Code/: contains the files constructing the framework
- PIC-SURE/
HPDS_connection_manager.py: Build connection with PIC-SURE
utils.py: functions access data using PIC-SURE
- preprocess/
data_process.py: data preprocessing and cleaning based on inclusion criteria
feature_data_imputation.py: data imputation methods
data_generation.py: synthetic data generation using CTGAN through constraints
- feature/
feature_generation_gene.py: features generated based on genes
feature_generation_protein.py: feature generated based on protein variant
feature_generation_variant.py: feature generated based on nucleotide variant
- model/
model.py: functions to implement prediction and plot ROC and PR curves
main.py: loading data and run the codes for prediction of variant pathogenicity
method_comparison.py: prediction results using other state-of-the-art methods
- analysis/
statistics.py: statistical analysis for inclusion patients data
visualization.py: figure visualizations
Data/: Raw and intermediate data in the work
- raw/: The raw data is avaialable upon request, accessing to the data was done via PIC-SURE
- database/: databases used to generate features
- feature/: numerical feature representations
- Clone the repository: git clone https://github.com/hms-dbmi/VarPPUD
- Change the the directory of all code files to the location where your data is accessed
- Run data_process.py to curate the inclusion patient information
- Generate and concatenate different features through feature_generation_gene.py, feature_generation_protein.py and feature_generation_variant.py
- Generate synthetic data using data_generation.py for external validation of the model
- Run main.py to predict the variant pathogenicity of undiagnosed patients
- Run statistics.py and visualization.py for statistical analysis and visualization of input data and results
This code supports the analysis presented in: “VarPPUD: predicting variant pathogenicity in the undiagnosed disease patients”.

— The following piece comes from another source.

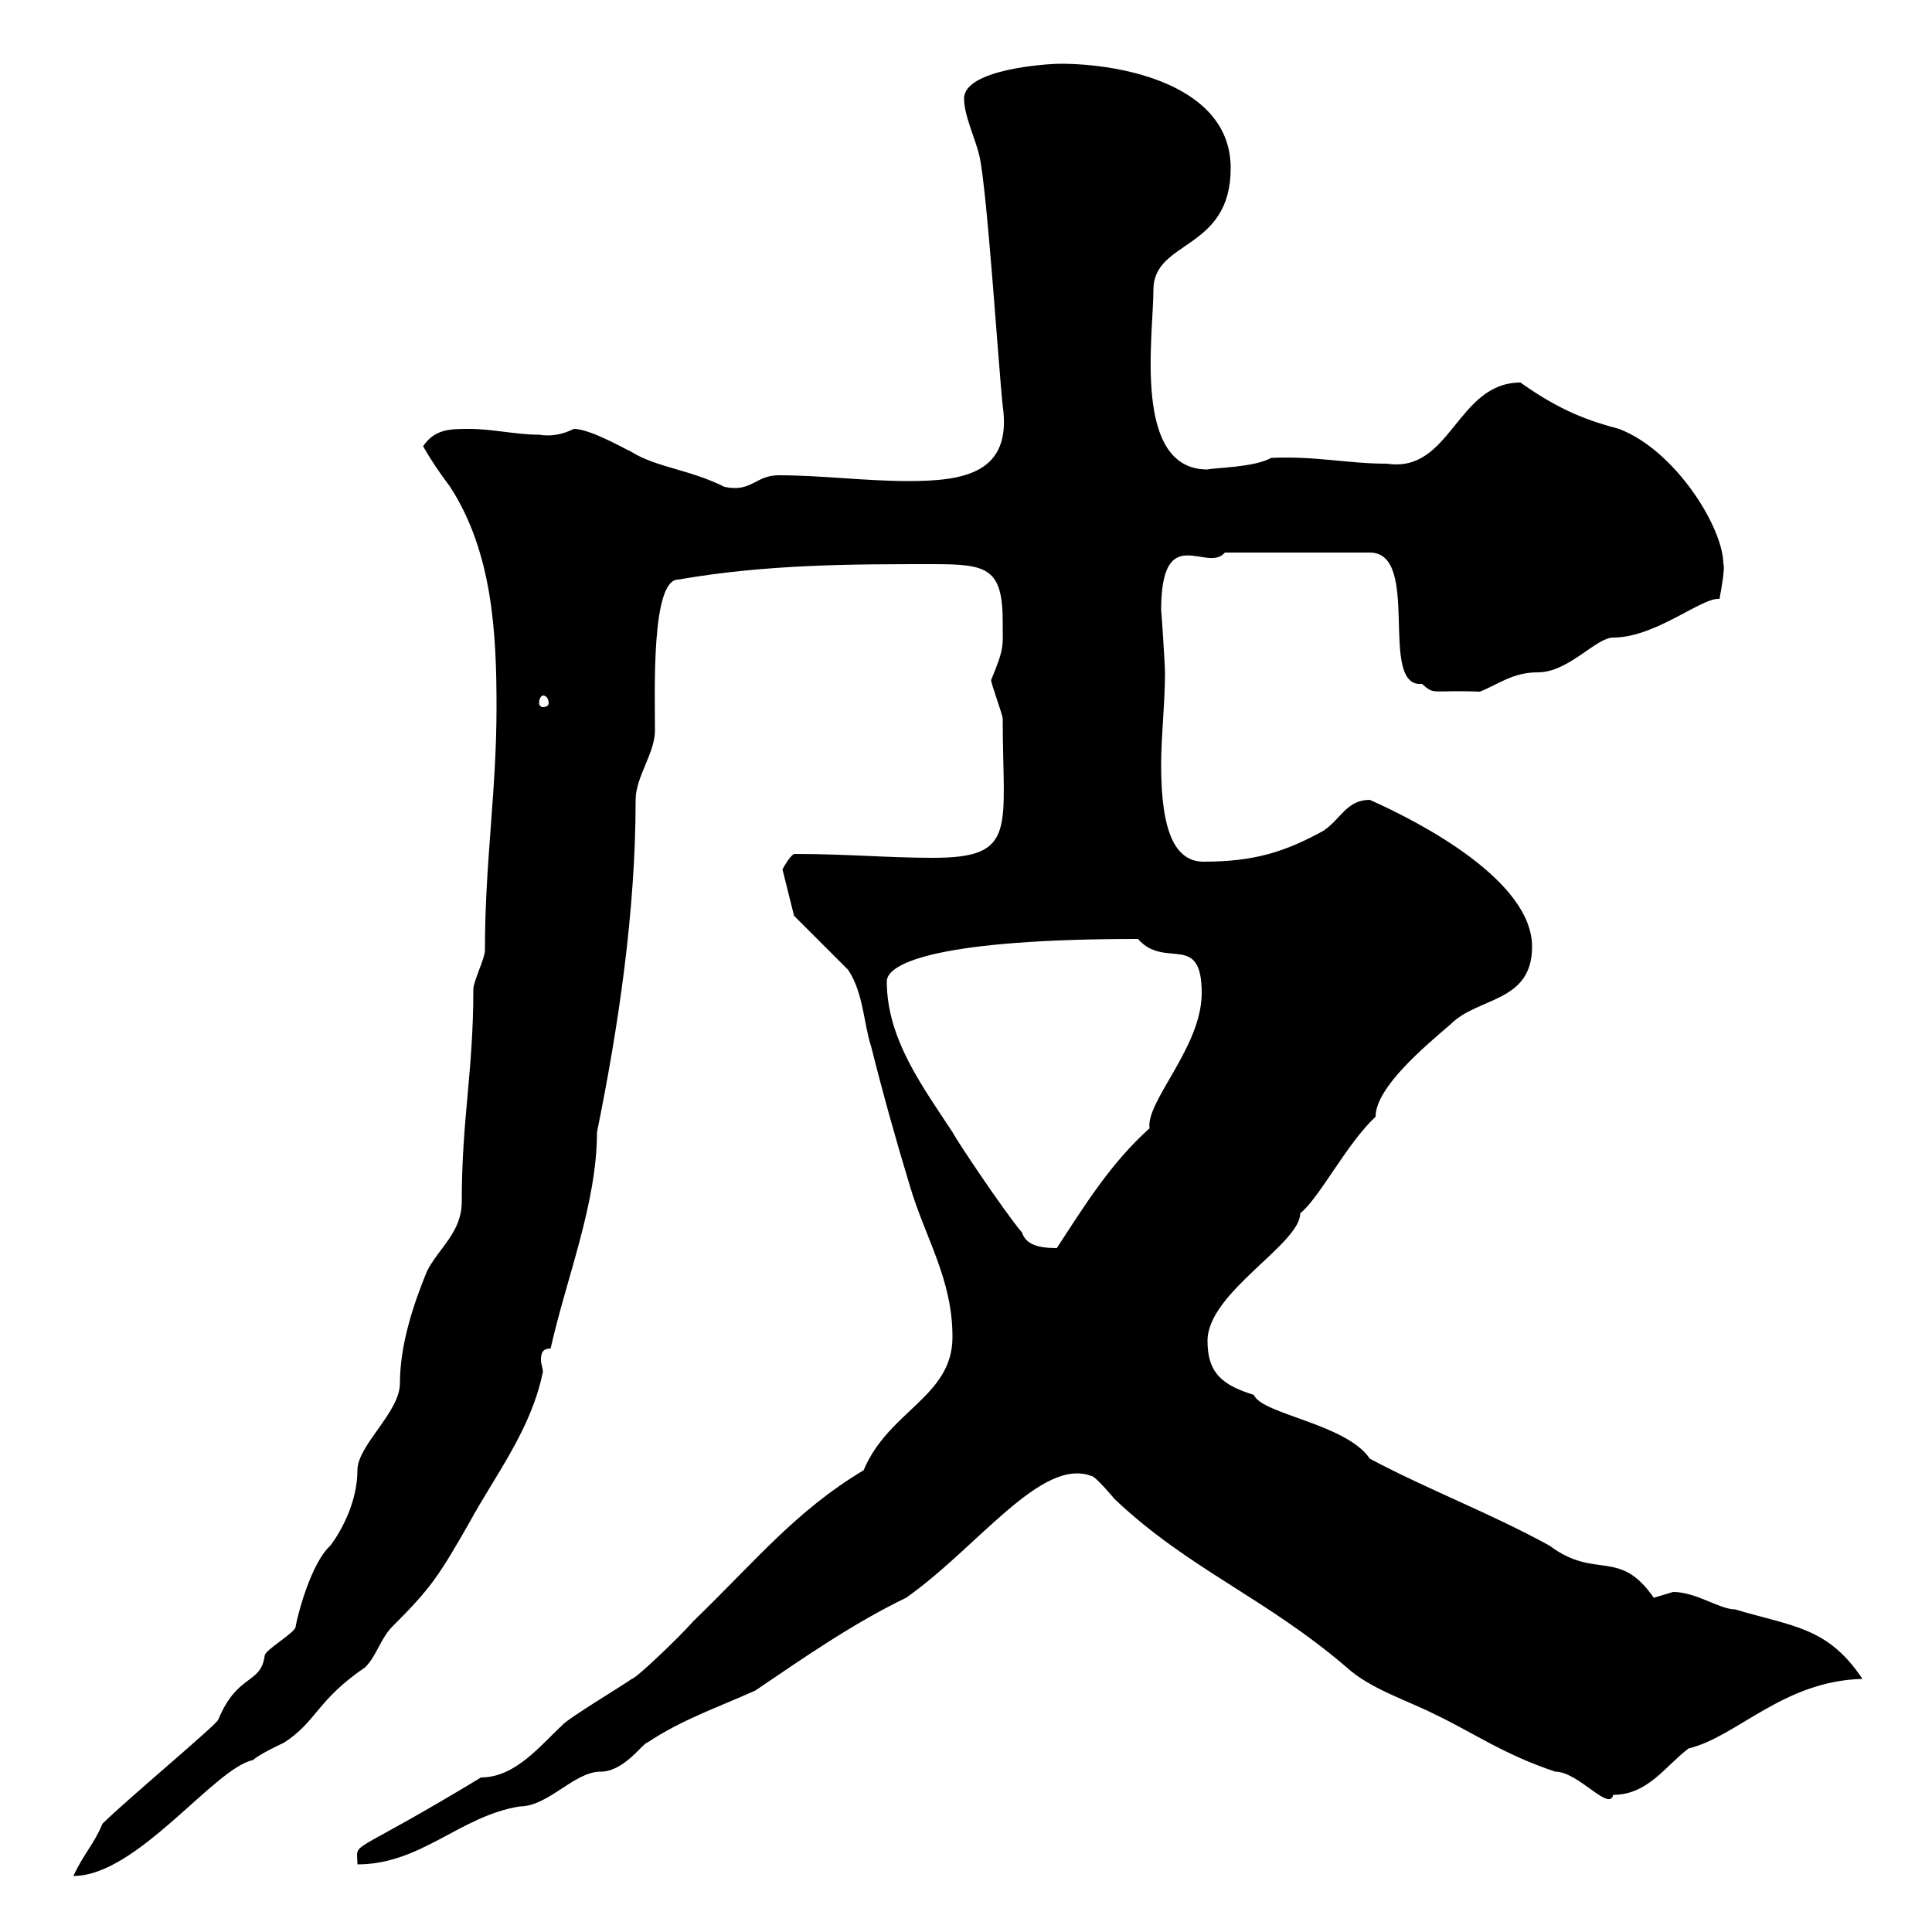 <svg xmlns="http://www.w3.org/2000/svg" xmlns:xlink="http://www.w3.org/1999/xlink" width="300" height="300"><path d="M77.10 109.80C77.10 123 75.30 133.80 75.30 147.60C75.30 148.80 73.50 152.40 73.50 153.60C73.50 166.50 71.70 173.70 71.70 186.60C71.70 191.40 68.10 193.80 66.30 197.40C64.20 202.50 62.10 208.80 62.10 214.80C62.10 219.30 55.50 224.40 55.50 228.30C55.50 233.10 53.10 237.60 51.30 240C48.30 242.70 46.20 250.80 45.90 252.60C45.90 253.50 41.10 256.20 41.10 257.10C40.50 261.60 36.90 259.80 33.90 267C33.90 267.60 19.50 279.60 15.90 283.20C14.70 286.20 12.90 288 11.40 291.30C21.30 291.30 33.30 274.50 39.30 273.30C40.20 272.40 44.10 270.60 44.10 270.60C49.20 267.30 49.20 264 56.70 258.90C58.50 257.10 59.10 254.40 60.90 252.60C66.90 246.60 68.10 244.80 72.90 236.40C76.80 229.20 82.50 222 84.30 213C84.30 212.40 84 211.80 84 211.20C84 210 84.30 209.40 85.50 209.40C87.90 198.60 92.70 186.90 92.70 175.80C96 159.60 98.70 141.60 98.70 124.20C98.70 120.60 101.70 117 101.70 113.40C101.70 107.40 101.10 90 105.30 90C119.10 87.60 132.30 87.60 144.90 87.60C153.30 87.60 155.70 88.20 155.70 96.60C155.70 100.50 156 100.50 153.90 105.60C153.90 106.20 155.70 111 155.70 111.60C155.70 128.70 158.10 133.20 144.90 133.20C137.70 133.20 131.70 132.60 123.30 132.60C122.70 132.90 121.80 134.40 121.50 135L123.30 142.20C124.50 143.40 130.50 149.40 131.70 150.60C134.10 154.20 134.10 159 135.30 162.60C137.10 169.80 139.20 177.30 141.30 184.20C143.70 192.30 147.90 198.60 147.90 207.60C147.90 216.90 138 219 134.10 228.30C123.60 234.60 117.60 242.10 107.70 251.70C105.30 254.40 98.70 260.70 98.10 260.70C96.90 261.60 87.90 267 87.30 267.90C84 270.90 80.10 276 74.70 276C53.40 288.90 55.50 285.60 55.50 289.50C65.40 289.50 71.40 282 80.70 280.50C85.20 280.50 89.10 275.10 93.30 275.10C96.90 275.10 99.90 270.60 100.50 270.60C105.90 267 111.30 265.20 117.30 262.50C124.80 257.40 132.60 252 140.70 248.10C151.80 240.30 161.70 226.20 169.50 229.20C170.10 229.20 173.10 232.80 173.10 232.80C184.50 243.60 196.50 248.10 209.10 258.90C212.70 262.20 218.40 264 222.60 266.10C228.90 269.10 233.40 272.40 241.50 275.10C245.10 275.10 249.90 281.40 250.50 278.70C255.90 278.70 258.60 274.20 262.20 271.50C269.70 269.70 276.90 261 289.20 260.70C283.80 252.60 278.40 252.60 269.40 249.90C267 249.90 263.40 247.20 259.80 247.20C259.80 247.20 256.80 248.10 256.80 248.10C251.40 240.30 247.80 245.40 240.60 240C231.30 234.90 221.70 231.30 212.70 226.50C209.10 221.10 195.90 219.60 194.70 216.60C189.90 215.10 187.50 213.30 187.50 208.20C187.50 200.70 201.90 193.20 201.90 188.40C204.90 186 209.10 177.60 213.60 173.40C213.60 168.90 221.10 162.60 225.30 159C229.50 154.80 237.90 155.70 237.90 147C237.90 136.80 220.80 127.80 212.70 124.20C209.10 124.20 208.20 127.20 205.50 129C199.50 132.30 194.70 133.80 186.90 133.80C182.40 133.80 180.30 129 180.30 118.80C180.30 114.30 180.90 109.20 180.90 104.40C180.90 103.20 180.30 94.20 180.30 94.80C180.30 80.70 187.50 89.10 190.20 85.80L212.70 85.80C220.80 85.80 213.90 106.80 220.80 106.20C222.90 108 222 107.10 229.80 107.40C232.80 106.20 234.90 104.40 238.80 104.40C243.60 104.40 247.80 99 250.50 99C257.10 99 264.30 92.70 267 93C267.30 91.50 267.90 87.90 267.60 87.60C267.60 81.90 260.10 69.90 251.40 66.60C246.90 65.40 242.40 63.90 236.10 59.40C226.20 59.40 225.30 73.50 215.40 72C209.10 72 204.60 70.80 197.40 71.10C194.70 72.60 188.70 72.60 187.50 72.90C175.80 72.90 179.10 52.20 179.10 45C179.10 37.20 191.10 39 191.10 26.10C191.10 13.20 174.30 9.90 164.70 9.90C162.30 9.90 149.70 10.80 149.70 15.30C149.70 18 151.50 21.60 152.10 24.30C153.30 29.70 155.10 57.60 155.70 63C157.20 73.50 149.70 74.70 141 74.70C134.40 74.70 127.50 73.80 120.90 73.80C117.30 73.80 116.70 76.50 112.50 75.60C107.10 72.90 102 72.60 98.10 70.20C96.30 69.30 91.50 66.60 89.10 66.60C87.30 67.50 85.50 67.80 83.70 67.50C80.10 67.50 76.50 66.60 72.90 66.60C69.90 66.60 67.50 66.60 65.70 69.30C66.90 71.40 68.10 73.20 69.90 75.60C76.50 85.80 77.10 98.40 77.10 109.80ZM137.70 152.40C137.70 149.40 146.40 145.80 176.70 145.80C180.90 150.60 186.60 144.60 186.60 154.20C186.60 162.60 177.90 171 178.50 175.20C172.50 180.60 168.60 186.90 164.10 193.80C161.10 193.80 159.30 193.20 158.70 191.40C155.70 187.80 148.50 177 147.90 175.80C143.40 168.90 137.70 161.40 137.70 152.40ZM84.30 108C84.90 108 85.20 108.60 85.20 109.20C85.20 109.50 84.90 109.80 84.30 109.80C84 109.80 83.70 109.50 83.70 109.20C83.70 108.60 84 108 84.30 108Z"/></svg>

Licensed under the Apache License, Version 2.0 (the “License”); you may not use this file except in compliance with the License. You may obtain a copy of the License at http://www.apache.org/licenses/LICENSE-2.0 Unless required by applicable law or agreed to in writing, software distributed under the License is distributed on an “AS IS” BASIS, WITHOUT WARRANTIES OR CONDITIONS OF ANY KIND, either express or implied. See the License for the specific language governing permissions and limitations under the License.